Sex-selective abortion is still prevalent in Nepal, India and the Republic of Korea. Battering during pregnancy has caused serious emotional and physical effects on women and birth outcomes. Coerced pregnancy, for example, mass rape in war, female infanticide, and emotional and physical abuse have made conditions worse in society. This may even result in differential access to food and medical care for girl infants. Dating and courtship violence, for example, acid throwing and date rape, are serious acts of violence against girls/women. Sexual abuse in the workplace is also prevalent, where the boss wanting to have sex with female employees seeking promotion is a kind of abuse.
Violence against women is a serious violation of women’s human rights. It affects women and has negative health consequences for women and their children, no matter when, where or how it takes place.
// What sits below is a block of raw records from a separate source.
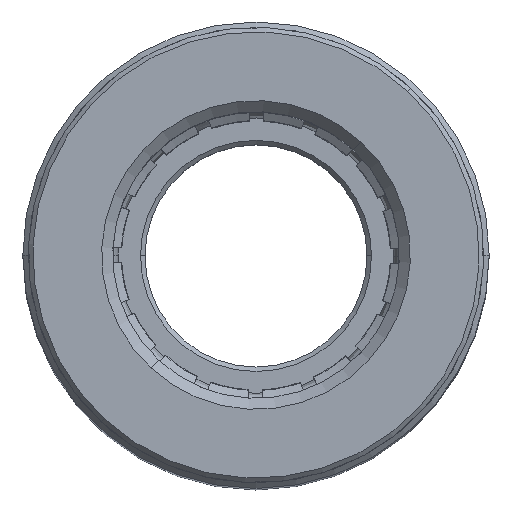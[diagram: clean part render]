
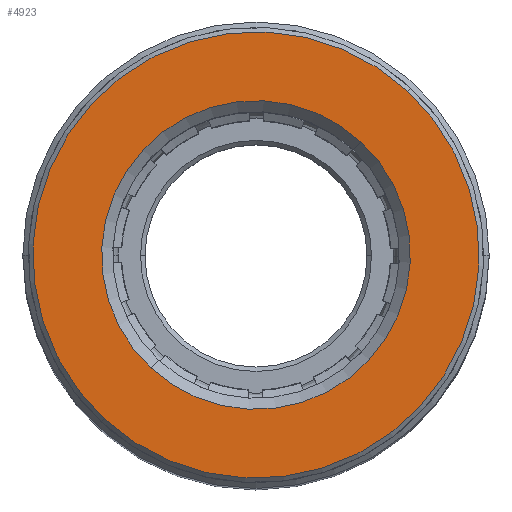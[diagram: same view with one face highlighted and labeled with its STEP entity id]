
A CAD part, top view. The second image highlights one B-rep face of the part: STEP entity #4923.
In plain terms, the highlighted planar face has unit normal (0, 0, 1).
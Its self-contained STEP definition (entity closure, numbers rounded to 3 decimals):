
#283 = CARTESIAN_POINT ( 'NONE',  ( 11.54, 14.921, 30.935 ) ) ;
#317 = EDGE_CURVE ( 'NONE', #13877, #36165, #15053, .T. ) ;
#2776 = ORIENTED_EDGE ( 'NONE', *, *, #11475, .T. ) ;
#3456 = DIRECTION ( 'NONE',  ( 0.68, 0.733, 0. ) ) ;
#3748 = CARTESIAN_POINT ( 'NONE',  ( 6.814, 9.825, 30.935 ) ) ;
#4329 = FACE_OUTER_BOUND ( 'NONE', #22300, .T. ) ;
#4696 = ORIENTED_EDGE ( 'NONE', *, *, #14593, .T. ) ;
#4923 = ADVANCED_FACE ( 'NONE', ( #36785, #4329 ), #40589, .T. ) ;
#6250 = EDGE_CURVE ( 'NONE', #24304, #16887, #23264, .T. ) ;
#6752 = EDGE_LOOP ( 'NONE', ( #4696, #35819 ) ) ;
#6809 = CARTESIAN_POINT ( 'NONE',  ( 11.54, 14.921, 30.935 ) ) ;
#8157 = CIRCLE ( 'NONE', #25362, 6.95 ) ;
#9987 = DIRECTION ( 'NONE',  ( -0.68, -0.733, 0. ) ) ;
#11475 = EDGE_CURVE ( 'NONE', #36165, #13877, #25352, .T. ) ;
#11922 = CARTESIAN_POINT ( 'NONE',  ( 11.54, 14.921, 30.935 ) ) ;
#12788 = AXIS2_PLACEMENT_3D ( 'NONE', #17336, #39262, #20470 ) ;
#13151 = AXIS2_PLACEMENT_3D ( 'NONE', #6809, #28856, #9987 ) ;
#13877 = VERTEX_POINT ( 'NONE', #14590 ) ;
#14590 = CARTESIAN_POINT ( 'NONE',  ( 18.373, 22.291, 30.935 ) ) ;
#14593 = EDGE_CURVE ( 'NONE', #16887, #24304, #8157, .T. ) ;
#15053 = CIRCLE ( 'NONE', #26308, 10.05 ) ;
#15628 = CARTESIAN_POINT ( 'NONE',  ( 11.54, 14.921, 30.935 ) ) ;
#16887 = VERTEX_POINT ( 'NONE', #28600 ) ;
#17336 = CARTESIAN_POINT ( 'NONE',  ( 11.54, 14.921, 30.935 ) ) ;
#18771 = DIRECTION ( 'NONE',  ( 0.68, 0.733, 0. ) ) ;
#19781 = AXIS2_PLACEMENT_3D ( 'NONE', #15628, #37553, #18771 ) ;
#20470 = DIRECTION ( 'NONE',  ( 0.68, 0.733, 0. ) ) ;
#21393 = DIRECTION ( 'NONE',  ( 0., 0., 1. ) ) ;
#22300 = EDGE_LOOP ( 'NONE', ( #2776, #22623 ) ) ;
#22344 = DIRECTION ( 'NONE',  ( 0., 0., -1. ) ) ;
#22623 = ORIENTED_EDGE ( 'NONE', *, *, #317, .T. ) ;
#23264 = CIRCLE ( 'NONE', #12788, 6.95 ) ;
#24304 = VERTEX_POINT ( 'NONE', #3748 ) ;
#25352 = CIRCLE ( 'NONE', #13151, 10.05 ) ;
#25362 = AXIS2_PLACEMENT_3D ( 'NONE', #283, #22344, #3456 ) ;
#26308 = AXIS2_PLACEMENT_3D ( 'NONE', #11922, #21393, #26504 ) ;
#26504 = DIRECTION ( 'NONE',  ( -0.68, -0.733, 0. ) ) ;
#28600 = CARTESIAN_POINT ( 'NONE',  ( 16.265, 20.017, 30.935 ) ) ;
#28856 = DIRECTION ( 'NONE',  ( 0., 0., 1. ) ) ;
#31245 = CARTESIAN_POINT ( 'NONE',  ( 4.707, 7.551, 30.935 ) ) ;
#35819 = ORIENTED_EDGE ( 'NONE', *, *, #6250, .T. ) ;
#36165 = VERTEX_POINT ( 'NONE', #31245 ) ;
#36785 = FACE_BOUND ( 'NONE', #6752, .T. ) ;
#37553 = DIRECTION ( 'NONE',  ( 0., 0., 1. ) ) ;
#39262 = DIRECTION ( 'NONE',  ( 0., 0., -1. ) ) ;
#40589 = PLANE ( 'NONE',  #19781 ) ;

Any form of violence is unacceptable, and women and girls who are facing violence during Covid-19 cannot be ignored. In Nepal, more than 1,203 girls have been raped during this pandemic, with more than five such cases occurring every day. This kind of situation should be discouraged. Everyone should be supportive of women and girls who have gone through violence and advocate for lessening the problem. Unity is necessary to reduce suffering. This is a time to unite and educate every person to raise their voice against violence. Let’s raise our voice against any kind of gender-based violence.